Keywords: cervical cancer; MRI for radiation planning; gross tumor volume delineation; external beam radiation therapy

Received: October 11, 2017     Accepted: November 26, 2017     Published: January 06, 2018

ABSTRACT

Background: Accurate delineation of the gross tumor volumes (GTV) is a prerequisite for precise radiotherapy planning and delivery. Different MRI sequences have different advantages and limitations in their ability to discriminate primary cervical tumor from normal tissue. The purpose of this work is to determine appropriate MRI techniques for GTV delineation for external-beam radiation therapy of locally advanced cervical cancer (LACC).

Materials and Methods: GTVs were delineated on the MRI, CT, and PET images acquired for 23 LACC patients in treatment positions to obtain GTVs on CT (GTV-CT), on various MRI sequences including T1 (GTV-T1), T2 (GTV-T2), T1 with fat suppression and contrast (GTV-T1F+), DWI-ADC (GTV-ADC) and on PET were generated using the threshold of 40% of maximum SUV (GTV-SUV40%) as well as SUV of 2.5 (GTV-SUV2.5). MRI, CT and PET were registered for comparison. The GTVs defined by MRI were compared using the overlap ratio (OR) and relative volume ratio (RVR). The union of GTV-T2 and GTV-ADC was generated to represent the MRI-based GTV (GTV-MRI).

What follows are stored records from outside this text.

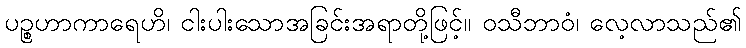
ပဉ္စဟာကာရေဟိ၊ ငါးပါးသောအခြင်းအရာတို့ဖြင့်။ ဝသီဘာဝံ၊ လေ့လာသည်၏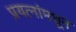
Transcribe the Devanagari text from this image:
प्रयत्‍नांमधून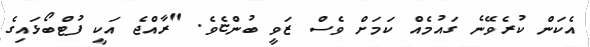
އެކަން ކުރެވޭނެ ގައުމެއް ކަމަށް ވެސް ޒަވީ ބުންޏެވެ. "ރާއްޖެ އަކީ ފުޓްބޯޅައިގެ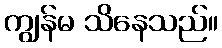
ကျွန်မ သိနေသည်။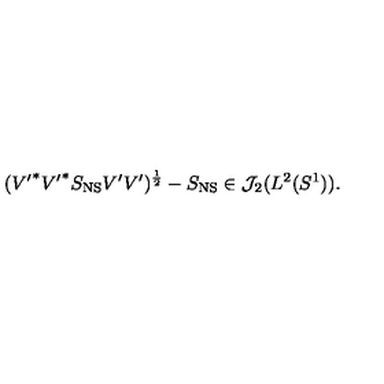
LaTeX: ( { V ^ { \prime } } ^ { * } { V ^ { \prime } } ^ { * } S _ { \mathrm { N S } } V ^ { \prime } V ^ { \prime } ) ^ { \frac { 1 } { 2 } } - S _ { \mathrm { N S } } \in { \cal J } _ { 2 } ( L ^ { 2 } ( S ^ { 1 } ) ) .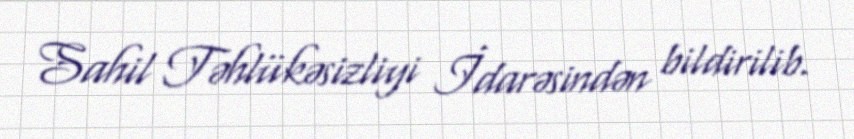
Sahil Təhlükəsizliyi İdarəsindən bildirilib.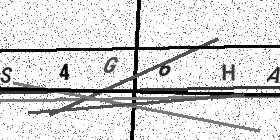
Text: S4G6HA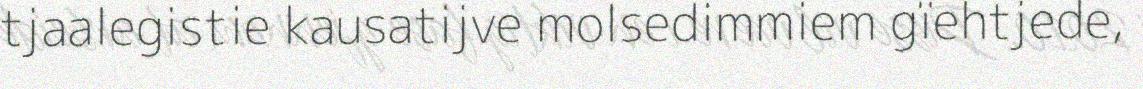
tjaalegistie kausatijve molsedimmiem gïehtjede,

Results: The differences between GTV-T2 and other MRI GTVs are significant (P < 0.05). The average ORs for GTV-T1, GTV-T1F+, and GTV-ADC related to GTV-T2 were 86.3%, 81.6%, and 61.6% with the corresponding average RVRs 113.8%, 112.3% and 77.2%, respectively. There is no significant difference between GTV-T1 and GTV-T1F+. GTV-ADC was generally smaller than GTV-T2, however, encompassed suspicious regions that are uncovered in GTV-T2 (up to 16% of GTV-T2) because of different imaging mechanisms. There was significant difference between GTV-MRI, GTV-SUV2.5, GTV-SUV40%, and GTV-CT. On average, GTV-MRI is 18.4% smaller than GTV-CT.

Conclusions: MRI provides improved visualization of disease over CT or PET for cervical cancer. The GTV from the union of GTV-T2 and GTV-ADC provides a reasonable GTV including tumor region defined anatomically and functionally with MRI and substantially reduces the conventional GTV defined on CT.